SUPPLIED MATERIAL section start

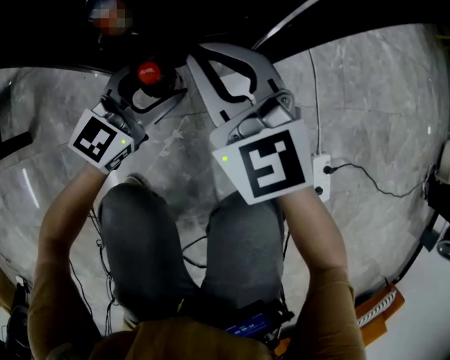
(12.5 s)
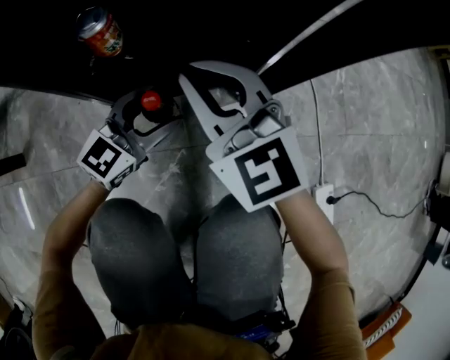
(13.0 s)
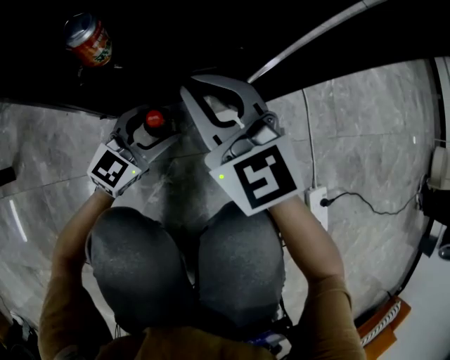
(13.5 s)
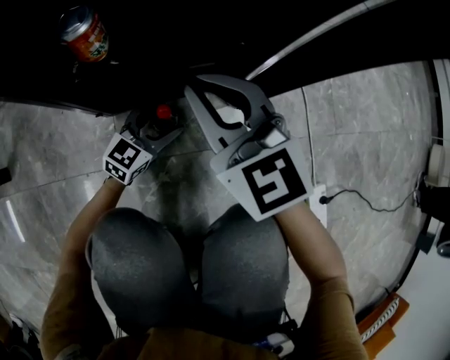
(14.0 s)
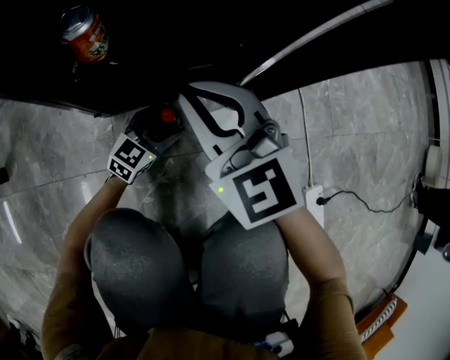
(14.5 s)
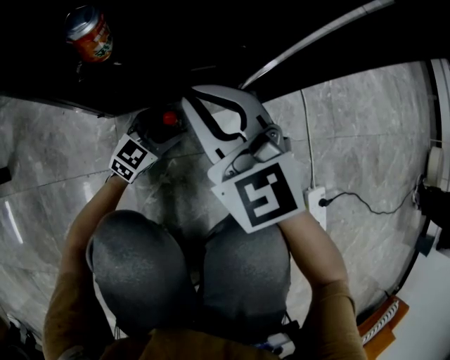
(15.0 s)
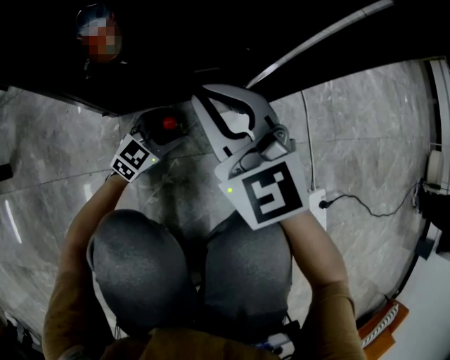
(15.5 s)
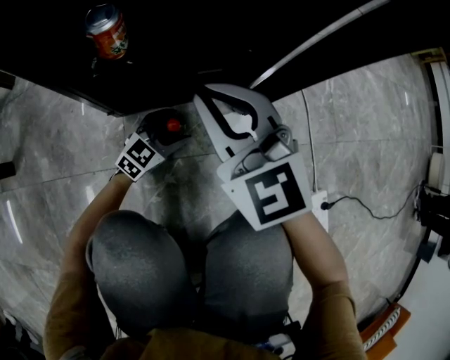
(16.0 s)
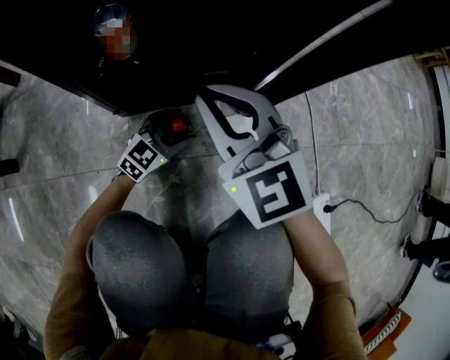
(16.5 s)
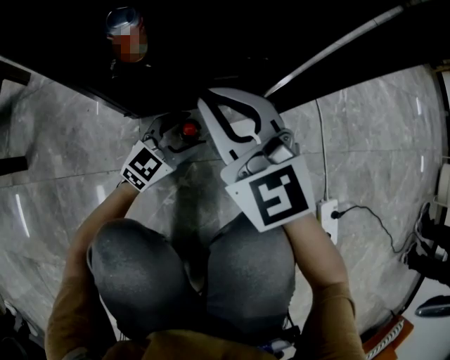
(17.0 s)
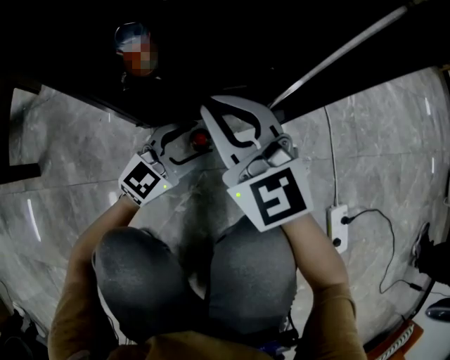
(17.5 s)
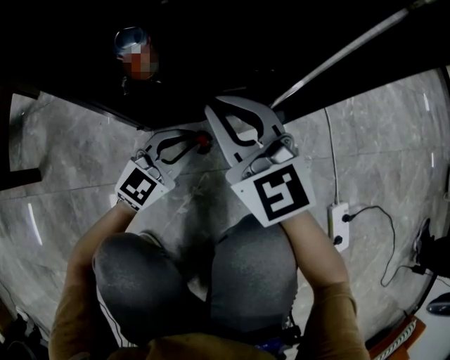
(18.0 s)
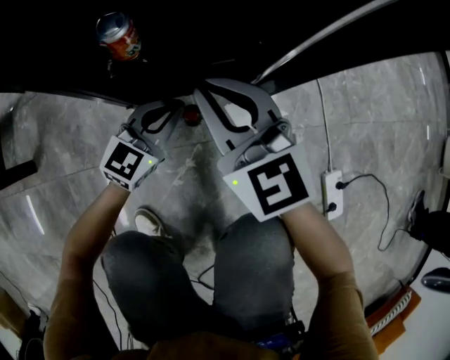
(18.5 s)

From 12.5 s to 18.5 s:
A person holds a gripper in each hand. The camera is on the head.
From 12.5 s to 14.5 s: The right gripper shifts roughly 10 cm downward. Meanwhile the left gripper moves downward, roughly 25 cm.
From 14.5 s to 16.5 s: The grippers stay close to where they were, moving slightly.
From 16.5 s to 18.5 s: The left gripper moves upward, about 15 cm, and closes.

SUPPLIED MATERIAL section end

§ **WORK INSTRUCTIONS**: A word-for-word copy of all the data, without pictures, is the expected output.

§ **THE COMPLETED TASK**:
(12.5 s)
(13.0 s)
(13.5 s)
(14.0 s)
(14.5 s)
(15.0 s)
(15.5 s)
(16.0 s)
(16.5 s)
(17.0 s)
(17.5 s)
(18.0 s)
(18.5 s)

From 12.5 s to 18.5 s:
A person holds a gripper in each hand. The camera is on the head.
From 12.5 s to 14.5 s: The right gripper shifts roughly 10 cm downward. Meanwhile the left gripper moves downward, roughly 25 cm.
From 14.5 s to 16.5 s: The grippers stay close to where they were, moving slightly.
From 16.5 s to 18.5 s: The left gripper moves upward, about 15 cm, and closes.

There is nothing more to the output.